◆ Task objective ◆
Exclude the pictures and retype the entries as written.

◆ Data under study ◆
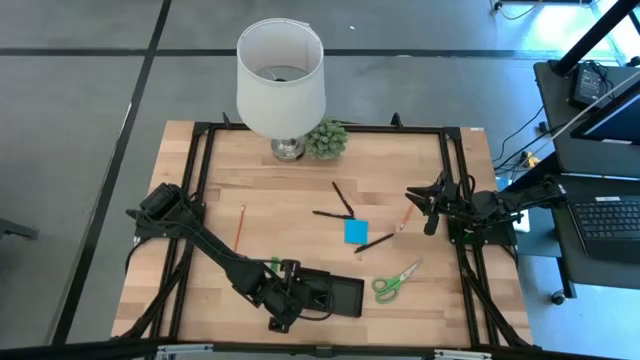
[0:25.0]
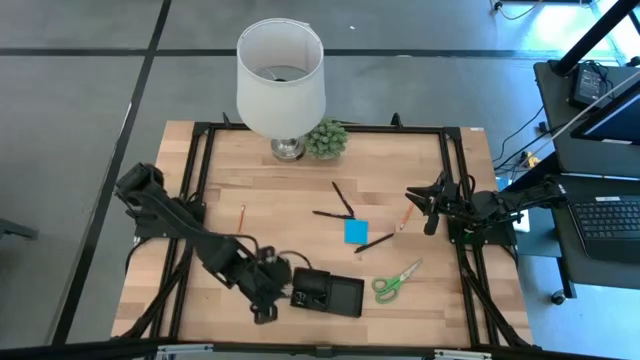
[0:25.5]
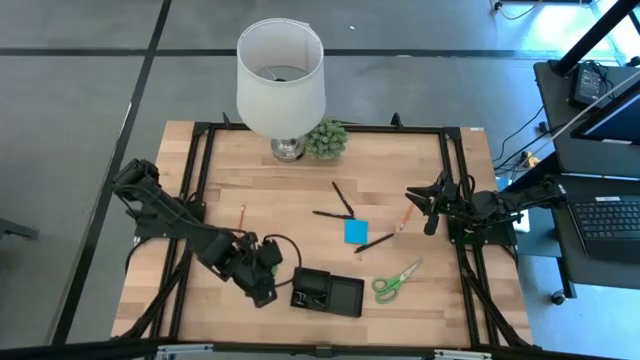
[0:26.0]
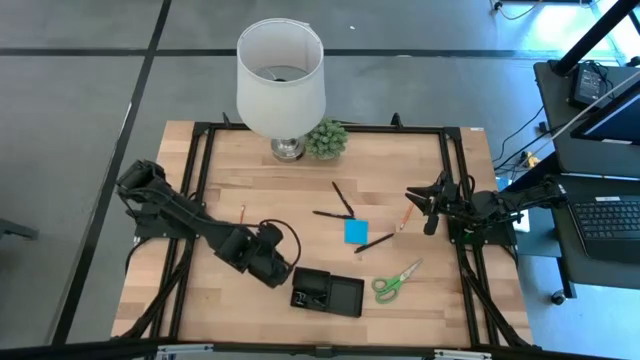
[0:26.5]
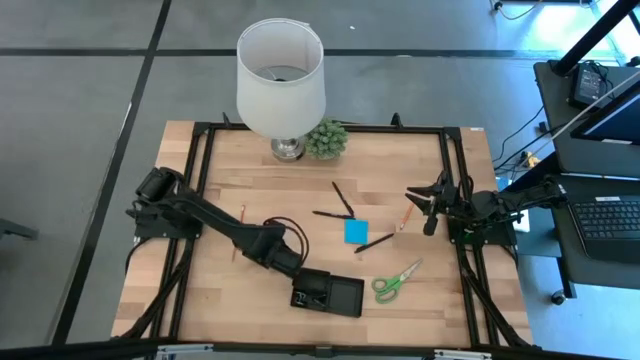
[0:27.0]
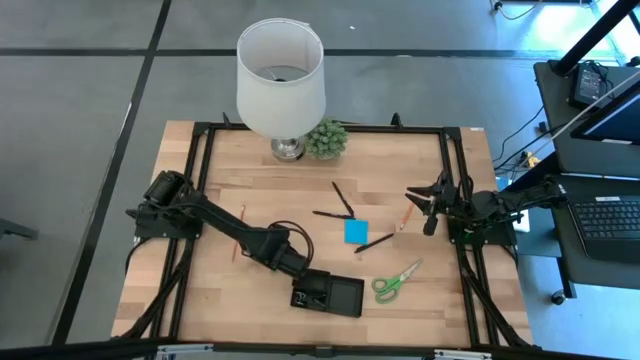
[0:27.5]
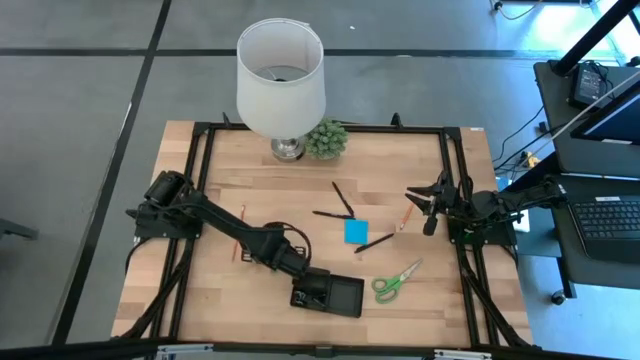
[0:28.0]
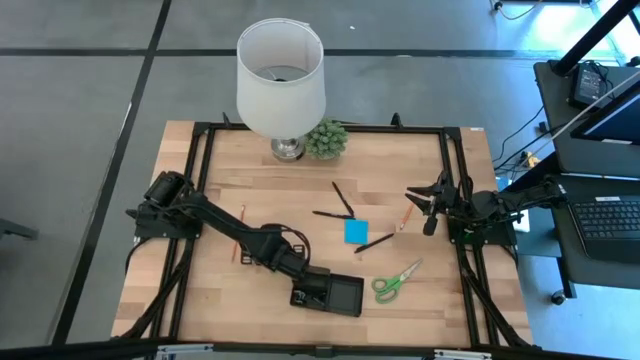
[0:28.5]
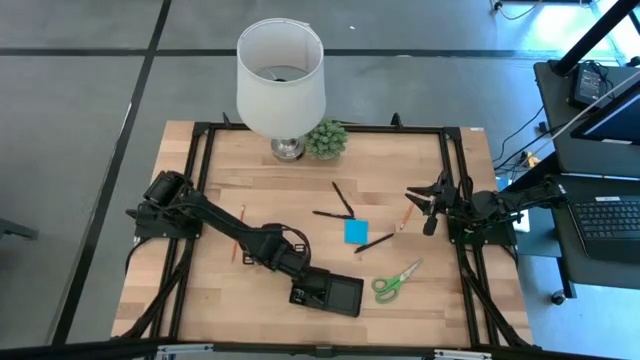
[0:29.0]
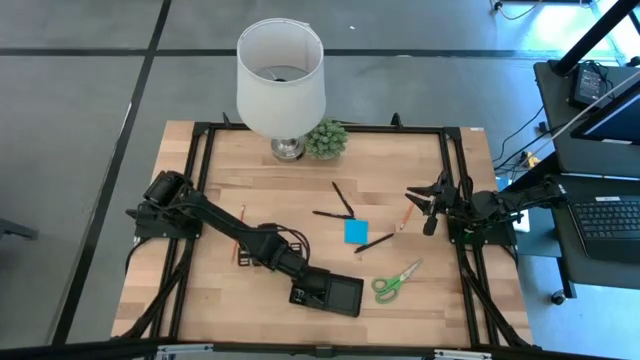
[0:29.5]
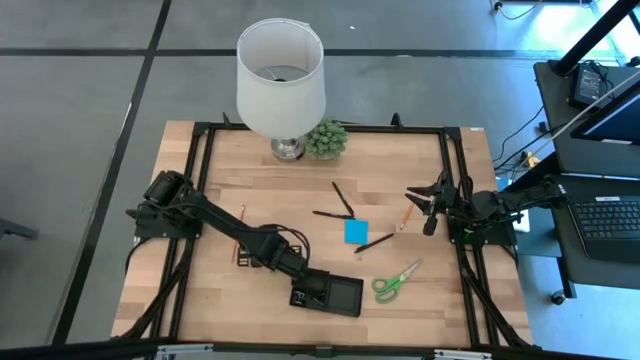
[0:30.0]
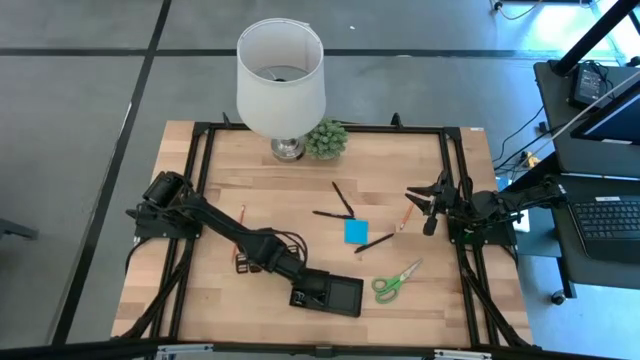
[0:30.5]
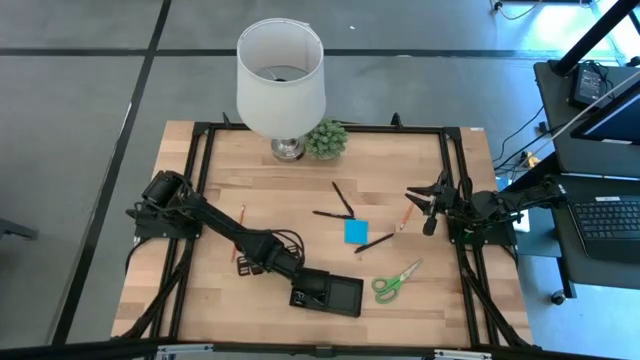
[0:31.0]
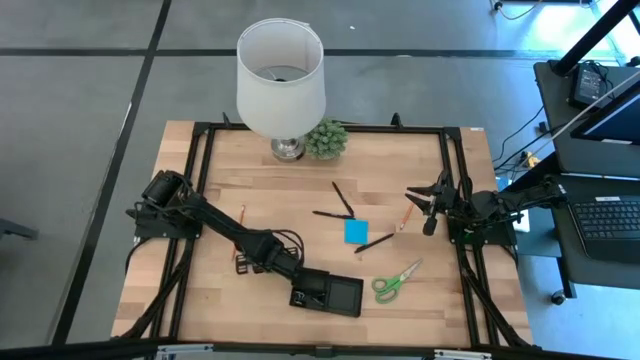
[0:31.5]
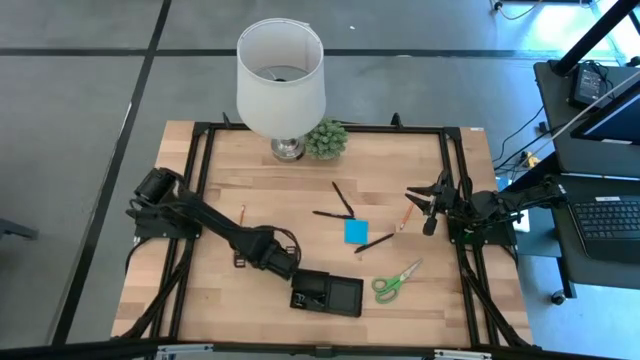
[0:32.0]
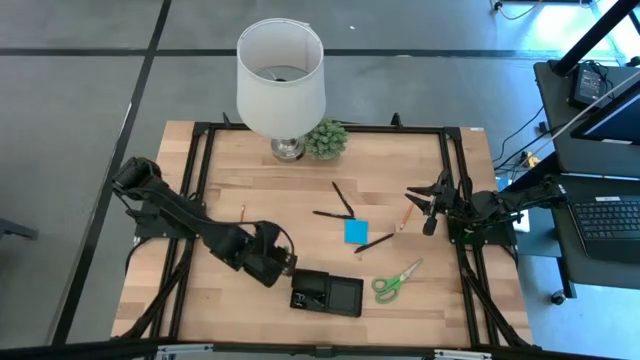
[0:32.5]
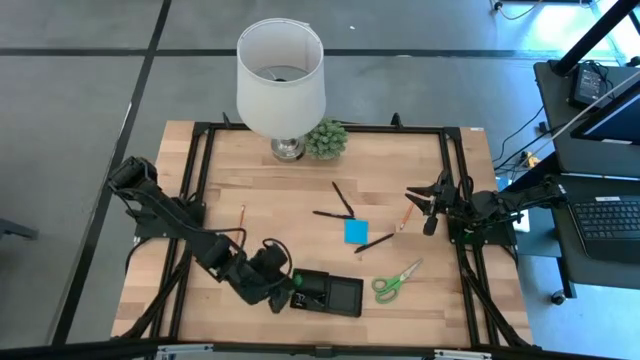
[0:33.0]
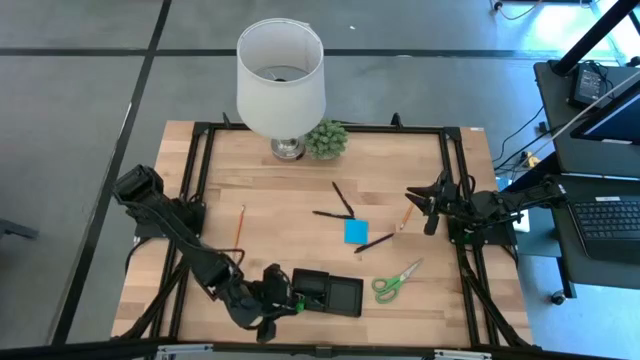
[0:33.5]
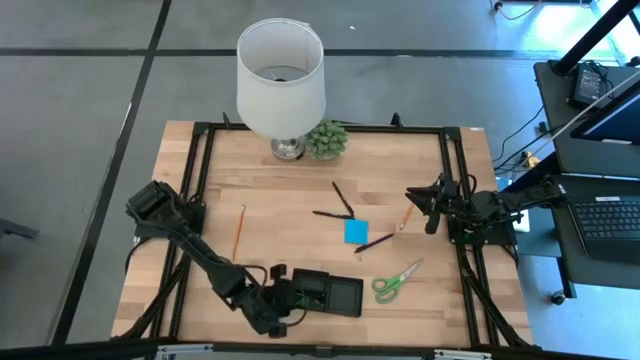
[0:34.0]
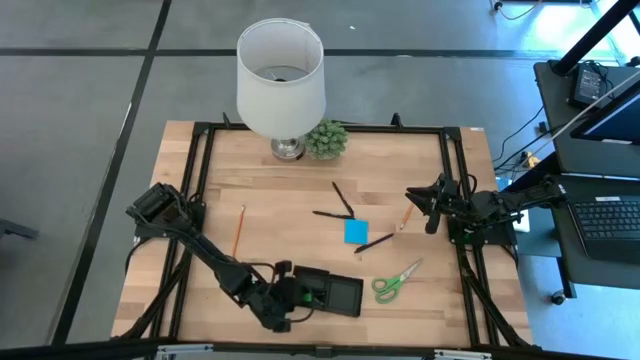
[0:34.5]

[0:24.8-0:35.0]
Task: Pick and place office supplies into organizer
Put the green eraser into the desk organizer

◆ Answer to this problem ◆
[0:25.0]
[0:25.5]
[0:26.0]
[0:26.5]
[0:27.0]
[0:27.5]
[0:28.0]
[0:28.5]
[0:29.0]
[0:29.5]
[0:30.0]
[0:30.5]
[0:31.0]
[0:31.5]
[0:32.0]
[0:32.5]
[0:33.0]
[0:33.5]
[0:34.0]
[0:34.5]

[0:24.8-0:35.0]
Task: Pick and place office supplies into organizer
Put the green eraser into the desk organizer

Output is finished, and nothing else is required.